Abundant in goodness and truth. "Truth" must be considered, from its relative position in this passage, as pointing directly to the fulfillment of promises and threatenings under the covenant. But some writers rather take "goodness and truth" as used here by a hendiadys, for 'sincere, real goodness.'

Verse 7

Keeping mercy for thousands, forgiving iniquity and transgression and sin, and that will by no means clear the guilty; visiting the iniquity of the fathers upon the children, and upon the children's children, unto the third and to the fourth generation.

Keeping mercy for thousands. The Septuagint has: dikaiosuneen diateeroon kai eleos eis chiliadas, keeping justice and mercy. The Chaldee version has for "thousands" - `for a thousand generations.'

Forgiving iniquity and transgression and sin. These three terms are not to be separated or considered unmeaning repetitions of the same idea. They describe different phases and shades of evil-guilt, transgressions, trespasses-sins committed both against God and man-sins of a moral as well as positive nature.

And that will by no means clear the guilty. This translation, which intimates the divine vengeance on sinners, and is commonly regarded as an addition, to correct erroneous impressions of God's unlimited goodness-to show, in short, that He is just and righteous, as well as benevelent and merciful-is quite inconsistent with the occasion as well as the object of this proclamation, which was, in answer to the solicitude and prayer of Moses for the people of Israel, to announce, His special kindness in dealing with that chosen nation. But the word "guilty," being in italics, is an improper supplement by our translators.

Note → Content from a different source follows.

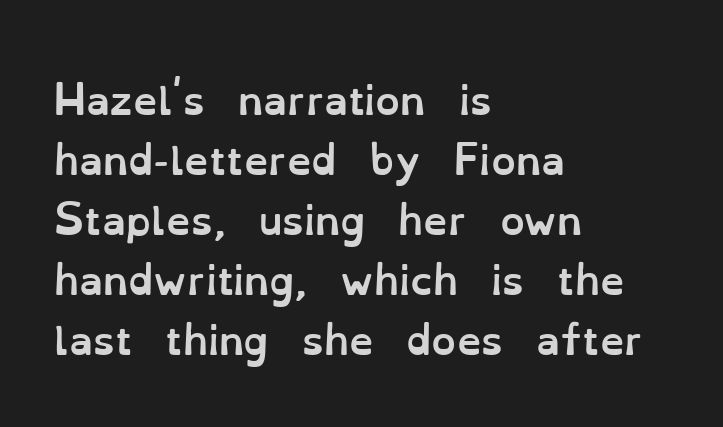
{"italic": "no", "bold": "yes", "weight": "semibold", "width": "normal", "stroke_contrast": "low", "x_height": "small", "monospaced": "no", "underline": "no", "align": "left", "line_spacing": "normal", "line_spacing_ratio": 1.54, "letter_spacing": "normal", "letter_spacing_em": 0.0, "glyph_px": 39}

Gesenius, who renders the words, 'but will by no means always leave unpunished,' connects them with the preceding clause; so that the passage will stand thus: 'keeping mercy for thousands, but not always pardoning the guilty' (Nahum 1:3).

But others, preferring another meaning of the verb, given also by that lexicographer, to be vacant, empty, destroyed, render these words, in connection with the subsequent context, thus-`but I will not utterly empty or destroy, though visiting the iniquities,' etc. This translation accords with Jeremiah 25:29; Jeremiah 30:11; Jeremiah 46:28; Jeremiah 49:12; Nahum 1:3, where the same phrase, though rendered in our version, "I will not leave thee altogether unpunished" - the best commentators prefer, as the parallelism requires, 'I will not utterly destroy thee;' and with Numbers 14:18, where Moses, taking up this phrase, which came from the mouth of God, urges it as a plea for the exercise of clemency, though it would have been singularly inapposite if the right sense had been that given in the English translation (see 'Israel after the Flesh,' p. 19).

Verse 8

And Moses made haste, and bowed his head toward the earth, and worshipped.

Moses ... bowed ... and worshipped. In the East people bow the head to royalty, and are silent when it passes by; while in the West they take off their hats and shout.

Verses 9-10

And he said, If now I have found grace in thy sight, O Lord, let my Lord, I pray thee, go among us; for it is a stiffnecked people; and pardon our iniquity and our sin, and take us for thine inheritance.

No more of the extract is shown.